Closed pir127 closed 4 years ago

pir127 commented 4 years ago

Hello,

I have a CNN with custom convolutional layers and the name of those layers are not instances of tensorflow.python.keras.layers.convolutional

Therefore, the function _find_penultimate_output always returns None and raises en Error. I had to comment out a few lines in _find_penultimate_output to be able to obtain a grad-CAM, those lines:

if layer is not None:
            layer = find_layer(model, lambda l: isinstance(l, Conv), offset=layer)

Not a clean solution but it can help if someone else has this issue, and would be great if you could release an official fix for custom convolutional layers.

And by the way, would also be more than great to have an option to return the non-interpolated grad-CAM as for custom convolutional layers the interpolation may be special.

Thanks so much !

keisen commented 4 years ago

Thank you for your error reporting! As you said, the problem should be fixed.

I believe that Gradcam#__call__ should be improved to have seek_penultimate_layer argument that is a flag. When seek_penultimate_layer is False, _find_penultimate_output would return the output that is indicated by penultimate_layer argument.

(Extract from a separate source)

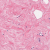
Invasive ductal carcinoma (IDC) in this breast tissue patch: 0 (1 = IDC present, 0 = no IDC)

That is, you won't need to comment out above codes.

class Gradcam(ModelVisualization):
    def __call__(self,
                 loss,
                 seed_input,
                 penultimate_layer=-1,
                 seek_penultimate_layer=True,
                 activation_modifier=lambda cam: K.relu(cam),
                 normalize_gradient=True):

What do you think about this plan?

keisen commented 4 years ago

would also be more than great to have an option to return the non-interpolated grad-CAM as for custom convolutional layers the interpolation may be special.

I couldn't understand the non-interpolated grad-CAM . Could you be more specific?

Thanks!

pir127 commented 4 years ago

Hi Keisen,

I just meant that it could be useful in some very specific cases to return the grad-CAM vectors before they undergo the interpolation step (Line 68 of gradcam.py).

Thanks for the fix, and thanks so much for sharing this code.

keisen commented 4 years ago

I got it. I'll solve it that was opened issues/#8.